Given data
┌──
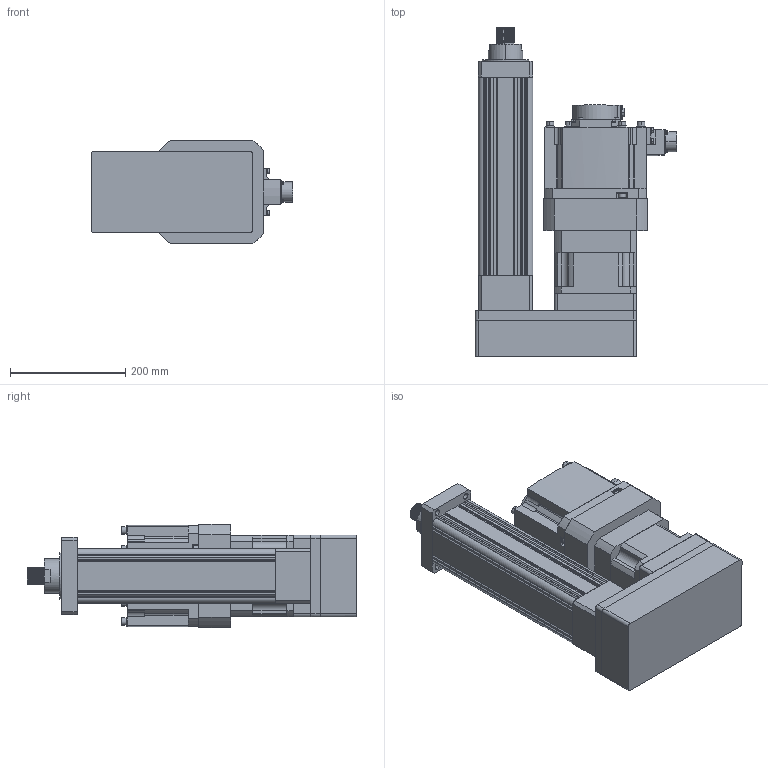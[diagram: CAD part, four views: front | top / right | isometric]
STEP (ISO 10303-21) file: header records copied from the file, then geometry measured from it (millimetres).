
FILE_DESCRIPTION (( 'STEP AP203' ), '1' );
FILE_NAME ('RLA95-10QF-22KN-R200-100mm-s.STEP', '2024-11-11T06:56:51', ( '微软用户' ), ( '微软中国' ), 'SwSTEP 2.0', 'SolidWorks 2022', '' );
FILE_SCHEMA (( 'CONFIG_CONTROL_DESIGN' ));
Length unit declared in the file: millimetre
Products named in the file (5): 95缸行程200折叠前法兰安装; 零件61^RLA95-10QF-22KN-R200-100mm-s; hg-sn302j_-s100_(4); PGH142(新款单级35-114.3-200-M12); RLA95-10QF-22KN-R200-100mm-s
Assembly tree (4 placements, depth 2):
  RLA95-10QF-22KN-R200-100mm-s
    95缸行程200折叠前法兰安装
    PGH142(新款单级35-114.3-200-M12)
    hg-sn302j_-s100_(4)
    零件61^RLA95-10QF-22KN-R200-100mm-s
Bounding box: 349.85 x 573 x 180 mm (x, y, z)
Volume: 13012497.7 mm3; surface area: 1019690.1 mm2
Topology: 6 solids, 7 shells, 789 faces, 1967 edges, 1295 vertices
Faces by surface type: plane 391, cylinder 383, cone 13, bspline 2
Entity records: 26702 total; most frequent: CARTESIAN_POINT 6751, DIRECTION 4206, ORIENTED_EDGE 3930, EDGE_CURVE 1965, AXIS2_PLACEMENT_3D 1531, VERTEX_POINT 1295, VECTOR 1144, LINE 1144
└──
Your assignment
Search the listing above for "surface" and copy every line that has it.

Solution
Volume: 13012497.7 mm3; surface area: 1019690.1 mm2
Faces by surface type: plane 391, cylinder 383, cone 13, bspline 2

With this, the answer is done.